Rule-based machine vision has reached its limits in many automation applications. A few of the constraints include changing backgrounds, variable surfaces and objects. Artificial intelligence with machine learning, specifically deep learning, is being used more and more, enabling the reliable implementation of highly complex imaging tasks such as scale and rotation invariant object detection and classification as well as the detection of deviations and surface defects during manufacture.

Our training will introduce you to the benefits and challenges of conventional machine learning and deep learning, the fundamental differences between the approaches and the possibilities offered by STEMMER IMAGING’s Common Vision Blox (CVB). You will find out about the limits of conventional imaging and experience the fast, intuitive and easy-to-use CVB Polimago tool in real-life application examples.

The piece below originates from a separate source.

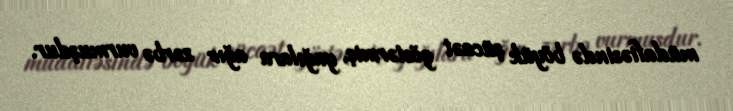
müdafiəsində böyük şücaət göstərmiş, yağılara ağır zərbə vurmuşdur.

By the end of the course, you will be familiar with the entire machine learning process from the image acquisition to the planning and developing of training sets and the creation, training and evaluation of classifiers. Bring your application samples and images; we’d be happy to provide you with an initial evaluation.

Target audience

  • People new to the machine vision and artificial intelligence domain
  • Users with specific tasks and the question if these can be solved with machine learning

Pre-conditions

  • Basic machine vision knowledge recommended
  • No prior machine learning knowledge required
  • No programming knowledge required

Content

Theory

  • Applying conventional rule-based machine vision; the need for machine learning
  • When to choose conventional machine vision over machine learning
  • Machine learning overview – theoretical basics and technical terms
  • Differentiation deep learning – machine learning
  • Theoretical approach: Convolutional Neural Networks (CNN)
  • Theoretical approach: CVB Polimago
  • A brief introduction to other CVB machine learning tools

Application examples/success stories on CVB machine learning tools Practical hands-on training

  • CVB Teach Bench Application
    • Image pre-processing and optimisation
  • CVB Polimago
    • Creating training sets for Search/Classification
    • Creating and evaluating classifiers
    • Using created classifiers beyond the CVB Teach Bench application
    • Application examples; evaluating classifiers

Outlook: Future CVB developments for machine learning

Optional: Individual application examples based on images provided by customers

Duration

1 day

Participation fee

This training course is free of charge!